+42 \(y=(sin9x){}^{6x}\)
Find the derivative.
I was able to figure out most of this on my own. But I got stuck at the part that involved cotangent.
Where did cotangent come from?? Please explain. Thanks guys :)
+118608 Hi Curly :)
\(y=(sin9x)^{6x}\\ y=e^{ln(sin9x)^{6x}}\\ y=e^{6x\cdot ln(sin9x)}\\ let\;u=6x\cdot ln(sin9x)\\ \frac{du}{dx}=6\cdot ln(sin9x)+6x \cdot \frac{9cos9x}{sin9x}\\ \qquad \text{I used product rule here}\\ \qquad \text{and also used the fact that }\\ \qquad \frac{d}{dx}ln(f(x))= \frac{f'(x)}{f(x)}\\ \frac{du}{dx}=6\cdot ln(sin9x)+6x \cdot \frac{9cos9x}{sin9x}\\ \frac{du}{dx}=6\cdot ln(sin9x)+6x \cdot 9(cot9x)\\ \frac{du}{dx}=6\left[ ln(sin9x)+9x(cot9x)\right] \\ \)
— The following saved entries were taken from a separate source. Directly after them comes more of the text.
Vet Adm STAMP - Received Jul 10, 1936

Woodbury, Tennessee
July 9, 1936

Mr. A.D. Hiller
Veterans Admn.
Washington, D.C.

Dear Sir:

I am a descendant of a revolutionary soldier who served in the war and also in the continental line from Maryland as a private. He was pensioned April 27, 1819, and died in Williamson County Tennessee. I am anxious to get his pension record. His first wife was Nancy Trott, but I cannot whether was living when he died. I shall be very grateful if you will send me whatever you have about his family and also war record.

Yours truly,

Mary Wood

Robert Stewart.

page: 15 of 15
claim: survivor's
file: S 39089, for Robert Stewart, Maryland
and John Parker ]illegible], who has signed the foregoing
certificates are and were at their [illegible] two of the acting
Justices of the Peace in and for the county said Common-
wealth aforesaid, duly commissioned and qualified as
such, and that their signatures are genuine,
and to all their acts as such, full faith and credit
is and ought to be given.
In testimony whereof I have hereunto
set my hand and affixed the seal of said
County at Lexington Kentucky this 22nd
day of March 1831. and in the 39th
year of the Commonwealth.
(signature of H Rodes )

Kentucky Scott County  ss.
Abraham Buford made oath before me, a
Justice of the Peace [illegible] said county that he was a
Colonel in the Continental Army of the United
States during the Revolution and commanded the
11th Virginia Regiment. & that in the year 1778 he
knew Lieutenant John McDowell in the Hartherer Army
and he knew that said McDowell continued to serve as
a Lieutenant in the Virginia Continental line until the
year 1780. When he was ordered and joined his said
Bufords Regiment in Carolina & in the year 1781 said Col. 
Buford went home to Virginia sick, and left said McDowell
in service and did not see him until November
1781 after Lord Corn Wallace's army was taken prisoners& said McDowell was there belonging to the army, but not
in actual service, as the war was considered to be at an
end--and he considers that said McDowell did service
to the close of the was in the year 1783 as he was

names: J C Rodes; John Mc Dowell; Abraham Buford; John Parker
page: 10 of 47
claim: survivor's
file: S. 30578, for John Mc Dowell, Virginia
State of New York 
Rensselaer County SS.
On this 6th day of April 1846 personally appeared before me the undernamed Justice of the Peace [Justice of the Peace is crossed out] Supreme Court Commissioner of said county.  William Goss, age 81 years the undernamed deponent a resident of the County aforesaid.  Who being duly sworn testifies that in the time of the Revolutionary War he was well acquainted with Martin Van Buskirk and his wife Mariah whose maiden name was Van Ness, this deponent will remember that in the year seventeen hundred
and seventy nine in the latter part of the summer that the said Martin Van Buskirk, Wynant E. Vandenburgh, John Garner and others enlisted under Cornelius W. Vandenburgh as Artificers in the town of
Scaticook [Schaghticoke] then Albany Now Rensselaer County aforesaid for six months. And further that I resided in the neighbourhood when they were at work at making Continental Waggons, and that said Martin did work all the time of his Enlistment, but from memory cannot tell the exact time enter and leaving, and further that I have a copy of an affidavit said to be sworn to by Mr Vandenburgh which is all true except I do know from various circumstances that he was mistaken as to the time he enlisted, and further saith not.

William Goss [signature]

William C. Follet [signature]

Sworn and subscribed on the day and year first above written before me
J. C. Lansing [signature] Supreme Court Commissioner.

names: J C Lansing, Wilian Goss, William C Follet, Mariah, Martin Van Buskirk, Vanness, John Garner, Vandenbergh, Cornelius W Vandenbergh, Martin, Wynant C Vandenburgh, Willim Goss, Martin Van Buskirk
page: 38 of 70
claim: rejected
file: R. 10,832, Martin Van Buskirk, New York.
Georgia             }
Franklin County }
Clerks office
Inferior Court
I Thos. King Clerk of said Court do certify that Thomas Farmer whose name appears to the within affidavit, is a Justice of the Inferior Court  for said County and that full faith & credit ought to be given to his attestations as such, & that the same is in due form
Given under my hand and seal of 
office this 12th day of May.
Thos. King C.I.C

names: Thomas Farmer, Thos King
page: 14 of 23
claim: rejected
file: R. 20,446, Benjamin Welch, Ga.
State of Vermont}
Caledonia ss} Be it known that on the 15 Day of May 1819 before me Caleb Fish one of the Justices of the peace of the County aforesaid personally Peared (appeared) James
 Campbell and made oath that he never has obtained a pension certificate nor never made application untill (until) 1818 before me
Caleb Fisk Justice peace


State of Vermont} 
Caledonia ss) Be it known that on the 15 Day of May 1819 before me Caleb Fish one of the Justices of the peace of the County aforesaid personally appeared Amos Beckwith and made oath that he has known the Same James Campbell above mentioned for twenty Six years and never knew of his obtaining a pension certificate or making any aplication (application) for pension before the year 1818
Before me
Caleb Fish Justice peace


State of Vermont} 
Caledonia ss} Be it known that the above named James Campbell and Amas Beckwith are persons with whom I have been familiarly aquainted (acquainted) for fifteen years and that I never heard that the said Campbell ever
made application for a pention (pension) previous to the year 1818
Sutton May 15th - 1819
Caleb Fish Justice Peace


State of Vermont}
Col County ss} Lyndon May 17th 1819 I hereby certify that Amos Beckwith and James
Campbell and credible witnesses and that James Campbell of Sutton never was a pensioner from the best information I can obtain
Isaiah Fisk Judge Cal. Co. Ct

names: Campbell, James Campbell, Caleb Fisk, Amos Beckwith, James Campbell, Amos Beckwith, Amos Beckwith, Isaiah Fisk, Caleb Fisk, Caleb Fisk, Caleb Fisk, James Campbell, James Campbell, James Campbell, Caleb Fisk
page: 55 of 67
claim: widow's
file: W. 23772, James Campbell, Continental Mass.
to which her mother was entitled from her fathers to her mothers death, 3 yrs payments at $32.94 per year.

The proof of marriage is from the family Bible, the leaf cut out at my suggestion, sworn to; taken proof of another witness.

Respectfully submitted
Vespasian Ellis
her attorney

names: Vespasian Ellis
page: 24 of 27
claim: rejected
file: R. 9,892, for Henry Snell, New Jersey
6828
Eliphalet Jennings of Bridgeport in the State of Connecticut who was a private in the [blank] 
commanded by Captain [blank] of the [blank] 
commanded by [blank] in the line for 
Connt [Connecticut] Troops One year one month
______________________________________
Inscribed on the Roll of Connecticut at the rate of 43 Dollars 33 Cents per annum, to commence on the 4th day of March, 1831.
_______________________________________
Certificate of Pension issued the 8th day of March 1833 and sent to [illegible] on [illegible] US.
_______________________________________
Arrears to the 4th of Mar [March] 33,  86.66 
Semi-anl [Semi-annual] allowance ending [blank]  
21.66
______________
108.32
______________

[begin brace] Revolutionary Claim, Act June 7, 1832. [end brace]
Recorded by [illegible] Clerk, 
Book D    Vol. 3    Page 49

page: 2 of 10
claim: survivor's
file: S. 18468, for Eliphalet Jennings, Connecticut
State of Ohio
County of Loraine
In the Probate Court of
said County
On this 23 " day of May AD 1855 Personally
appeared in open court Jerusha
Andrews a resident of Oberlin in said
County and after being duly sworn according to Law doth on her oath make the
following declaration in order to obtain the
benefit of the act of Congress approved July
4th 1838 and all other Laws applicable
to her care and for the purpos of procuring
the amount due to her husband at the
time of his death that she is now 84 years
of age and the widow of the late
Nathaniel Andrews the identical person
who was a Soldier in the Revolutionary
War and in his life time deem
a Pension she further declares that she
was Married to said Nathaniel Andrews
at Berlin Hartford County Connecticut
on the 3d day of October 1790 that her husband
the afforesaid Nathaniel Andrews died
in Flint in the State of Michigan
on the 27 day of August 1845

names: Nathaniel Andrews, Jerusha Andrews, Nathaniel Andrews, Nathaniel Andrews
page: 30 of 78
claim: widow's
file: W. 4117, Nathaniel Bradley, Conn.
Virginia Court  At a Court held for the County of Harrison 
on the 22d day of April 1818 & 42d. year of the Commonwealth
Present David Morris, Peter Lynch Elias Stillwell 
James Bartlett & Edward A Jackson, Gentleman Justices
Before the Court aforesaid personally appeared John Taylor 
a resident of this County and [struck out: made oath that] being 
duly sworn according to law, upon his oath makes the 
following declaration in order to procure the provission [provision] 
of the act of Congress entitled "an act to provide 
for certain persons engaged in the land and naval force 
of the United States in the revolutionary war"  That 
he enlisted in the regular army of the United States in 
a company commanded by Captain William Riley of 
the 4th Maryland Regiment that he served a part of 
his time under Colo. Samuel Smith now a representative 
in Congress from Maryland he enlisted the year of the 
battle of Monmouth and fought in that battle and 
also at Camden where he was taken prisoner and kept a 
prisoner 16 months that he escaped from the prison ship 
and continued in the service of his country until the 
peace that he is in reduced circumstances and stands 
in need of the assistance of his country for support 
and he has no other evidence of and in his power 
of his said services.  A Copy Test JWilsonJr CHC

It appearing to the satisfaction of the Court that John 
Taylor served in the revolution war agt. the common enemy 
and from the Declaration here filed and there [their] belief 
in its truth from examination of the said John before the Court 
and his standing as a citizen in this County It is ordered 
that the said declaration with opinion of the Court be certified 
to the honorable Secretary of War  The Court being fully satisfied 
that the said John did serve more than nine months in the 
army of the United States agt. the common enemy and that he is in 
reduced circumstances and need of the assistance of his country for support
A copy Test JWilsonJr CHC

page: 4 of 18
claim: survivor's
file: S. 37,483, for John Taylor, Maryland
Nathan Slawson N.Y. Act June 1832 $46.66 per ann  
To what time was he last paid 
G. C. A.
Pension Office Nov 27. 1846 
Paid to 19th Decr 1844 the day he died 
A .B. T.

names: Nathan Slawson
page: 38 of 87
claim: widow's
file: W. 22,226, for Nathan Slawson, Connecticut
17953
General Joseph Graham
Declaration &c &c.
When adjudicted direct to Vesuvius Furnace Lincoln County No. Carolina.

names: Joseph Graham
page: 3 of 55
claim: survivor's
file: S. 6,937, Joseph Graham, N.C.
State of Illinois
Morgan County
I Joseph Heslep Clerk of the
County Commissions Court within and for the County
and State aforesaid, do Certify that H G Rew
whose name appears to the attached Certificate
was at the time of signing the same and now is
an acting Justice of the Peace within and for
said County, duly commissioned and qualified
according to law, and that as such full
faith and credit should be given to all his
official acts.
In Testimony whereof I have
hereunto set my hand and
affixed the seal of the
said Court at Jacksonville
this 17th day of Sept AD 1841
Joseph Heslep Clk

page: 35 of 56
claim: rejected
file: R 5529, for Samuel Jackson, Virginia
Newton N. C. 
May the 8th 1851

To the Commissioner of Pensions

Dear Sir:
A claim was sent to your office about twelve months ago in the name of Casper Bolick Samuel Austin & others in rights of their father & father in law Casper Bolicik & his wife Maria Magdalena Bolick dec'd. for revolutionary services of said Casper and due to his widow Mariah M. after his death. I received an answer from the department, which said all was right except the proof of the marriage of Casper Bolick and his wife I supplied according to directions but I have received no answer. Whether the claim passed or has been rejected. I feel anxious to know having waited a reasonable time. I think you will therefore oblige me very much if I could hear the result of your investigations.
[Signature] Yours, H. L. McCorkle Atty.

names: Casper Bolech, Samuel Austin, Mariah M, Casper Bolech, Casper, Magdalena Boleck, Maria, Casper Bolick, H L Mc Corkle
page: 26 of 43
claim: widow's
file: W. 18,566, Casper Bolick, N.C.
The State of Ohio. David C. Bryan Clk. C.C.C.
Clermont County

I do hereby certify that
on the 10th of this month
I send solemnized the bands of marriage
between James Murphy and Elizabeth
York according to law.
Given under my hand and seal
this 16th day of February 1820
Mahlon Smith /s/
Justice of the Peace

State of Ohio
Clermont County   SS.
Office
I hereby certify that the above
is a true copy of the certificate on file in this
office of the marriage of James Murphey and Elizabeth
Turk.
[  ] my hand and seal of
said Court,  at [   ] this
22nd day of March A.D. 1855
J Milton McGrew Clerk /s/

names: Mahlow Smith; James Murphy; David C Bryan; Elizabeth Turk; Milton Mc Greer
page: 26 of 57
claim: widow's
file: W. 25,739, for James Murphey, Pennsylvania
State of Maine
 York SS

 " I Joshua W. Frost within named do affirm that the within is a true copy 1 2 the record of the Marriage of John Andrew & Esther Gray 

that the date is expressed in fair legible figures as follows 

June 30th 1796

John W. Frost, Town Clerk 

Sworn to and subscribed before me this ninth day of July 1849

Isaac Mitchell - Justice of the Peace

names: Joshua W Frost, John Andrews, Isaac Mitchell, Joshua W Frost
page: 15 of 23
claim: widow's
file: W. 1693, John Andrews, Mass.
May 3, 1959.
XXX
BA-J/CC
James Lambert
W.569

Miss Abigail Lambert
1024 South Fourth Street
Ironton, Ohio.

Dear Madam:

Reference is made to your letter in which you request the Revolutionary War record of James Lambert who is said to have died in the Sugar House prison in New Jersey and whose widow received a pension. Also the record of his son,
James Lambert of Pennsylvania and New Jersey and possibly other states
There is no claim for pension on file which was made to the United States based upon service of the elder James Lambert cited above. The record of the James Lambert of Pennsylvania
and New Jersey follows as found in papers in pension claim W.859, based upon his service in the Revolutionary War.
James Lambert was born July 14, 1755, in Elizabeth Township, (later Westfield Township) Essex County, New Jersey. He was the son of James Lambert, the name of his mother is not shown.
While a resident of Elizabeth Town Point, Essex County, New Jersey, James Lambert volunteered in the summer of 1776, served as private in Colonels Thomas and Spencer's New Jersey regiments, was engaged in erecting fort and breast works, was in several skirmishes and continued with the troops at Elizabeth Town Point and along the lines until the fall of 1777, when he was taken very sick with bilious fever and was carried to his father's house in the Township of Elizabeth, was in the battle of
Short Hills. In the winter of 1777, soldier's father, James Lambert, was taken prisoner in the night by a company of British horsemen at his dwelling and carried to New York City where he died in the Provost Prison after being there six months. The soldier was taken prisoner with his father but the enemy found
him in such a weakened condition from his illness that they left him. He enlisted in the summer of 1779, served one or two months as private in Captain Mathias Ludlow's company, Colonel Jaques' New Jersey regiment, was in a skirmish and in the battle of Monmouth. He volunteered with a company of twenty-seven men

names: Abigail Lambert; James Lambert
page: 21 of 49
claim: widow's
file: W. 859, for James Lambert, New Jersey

\(y=e^{6x\cdot ln(sin9x)}\\ y=e^{u}\\ \frac{dy}{du}=e^u\\ \frac{dy}{du}=e^{6x\cdot ln(sin9x)}\\ \frac{dy}{du}=e^{ ln(sin9x)\cdot 6x}\\ \frac{dy}{du}=(sin9x)^{6x}\\ \)
\(\frac{dy}{dx}=\frac{dy}{du}\cdot \frac{du}{dx}\\ \frac{dy}{dx}=(sin9x)^{6x}\cdot 6\left[ ln(sin9x)+9x(cot9x) \right]\\ \frac{dy}{dx}=6(sin9x)^{6x}\left[ ln(sin9x)+9x(cot9x) \right]\\\)
If you do not understand one of the steps please explain which step/s is giving you trouble.